A remarkable, new, interactive picture book for the iPad from award-winning picture book star Oliver Jeffers, featuring the voice of Oscar nominee Helena Bonham Carter. Explore like never before the story of a girl whose life was filled with all the wonder of the world around her. Then one day something occurred that caused the girl to take her heart and put it in a safe place . . . (iTunes)


Get Ready

Prepare to use the app by introducing one of these activities.

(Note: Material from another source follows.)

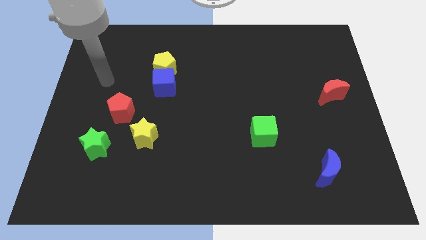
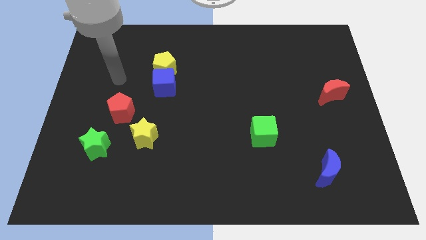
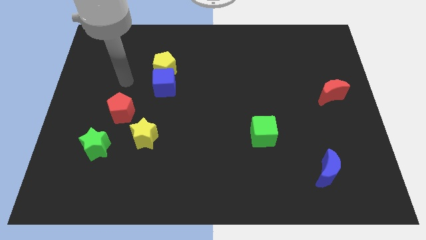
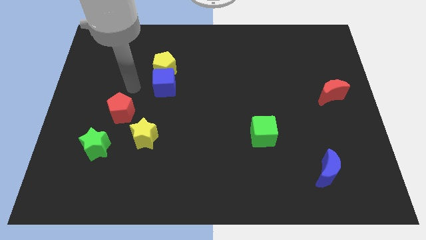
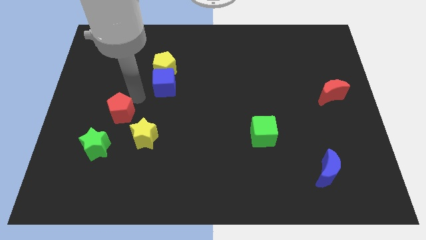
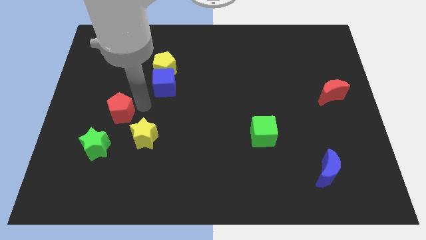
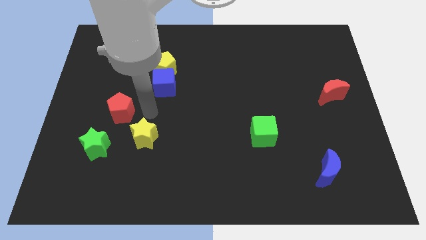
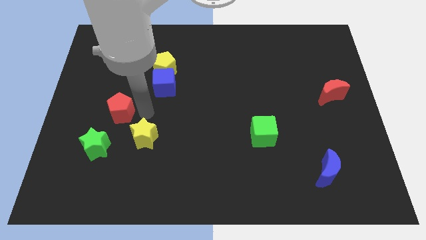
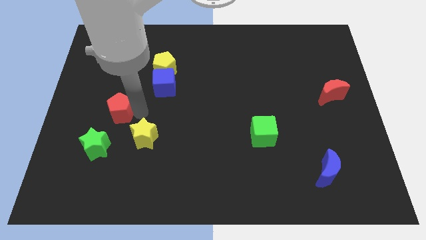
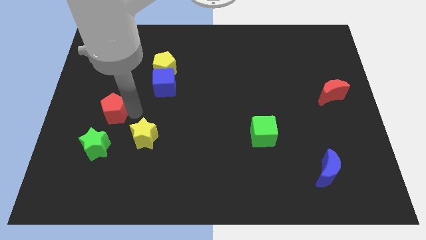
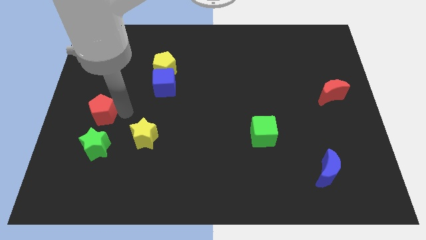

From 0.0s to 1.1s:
put the red pentagon to the left side

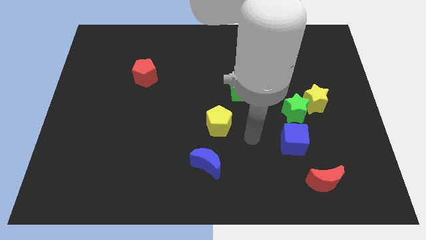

  1. Meet the Author: Oliver Jeffers is an award-winning author and illustrator of many children’s books, including How to Catch a Star, Lost and Found, This Moose Belongs to Me and The Day the Crayons Quit. In his books, he explores the themes of friendship, loneliness, independence and imagination. If you have read any of his previous works with your child, revisit those themes and discuss how feelings can impact our actions, or even hinder them.
  2. Title Talk: The cover of the book has imagery of a girl and a heart inside a bottle. Ask your child what they think the story will be about and what will happen.

Dive In

Help your child get the most out of an app experience by trying the following activities.

  1. Visualization: As you read the pages of the storybook, discuss how our minds fill with many images, good and bad and to take a moment between the pages to do an exercise in visualization. While closing your eyes, ask your child to describe all the images they see. Take some index cards and jot down each image. When they open their eyes, ask them to describe the feelings that are associated on each card or paper and jot that down too. For example, an image of a boat may appear (a memory of a trip last summer), which could be a happy thought.
  2. Drawing Board: On page 11 of the storybook, there is an interactive drawing board with colored pencils and the ability to save the image(s) onto the iPad image gallery. Encourage your child to freely draw whatever comes to mind.

Branch Out

Extend the app experience with these real life activities.

  1. Time to Explore: After reading and discussing your child’s impression of the story, it's time to become a curiosity seeker! If the weather is permitting, go outside with a collection box or bag, some writing/drawing materials, a magnifier, a camera, or any other items for your journey. Let your child freely explore their surroundings, taking marvel on their own at their discoveries. Be there to minimally guide, but this is an exercise in independence and encouraging their curious side naturally.
    • Don’t let weather or circumstance hinder this activity, there are many ways to explore indoors too. Find an unusual place or unique setting inside to practice curiosity seeking. An old drawer, a box with memorabilia, a closet, or the walls decorated in a cafe can all be wonderful places to explore new treasures.
  2. Back to the Drawing Board: Using the iPad drawing board, or just a pencil and notebook, invite your child to draw what they see. Help them write down words that express feelings with those images for future discussion and keep them in a curiosity notebook.
  3. Craft Time: Using slips of paper, put “curiosities” in a bottle or another clear container. Suggest your child recalls the interesting or engaging things during exploration (the color of different leaves, the shapes of clouds, textures of things in nature). When your child feels unhappy or bored thoughts, ask them to replace it with a different image from the curiosity bottle.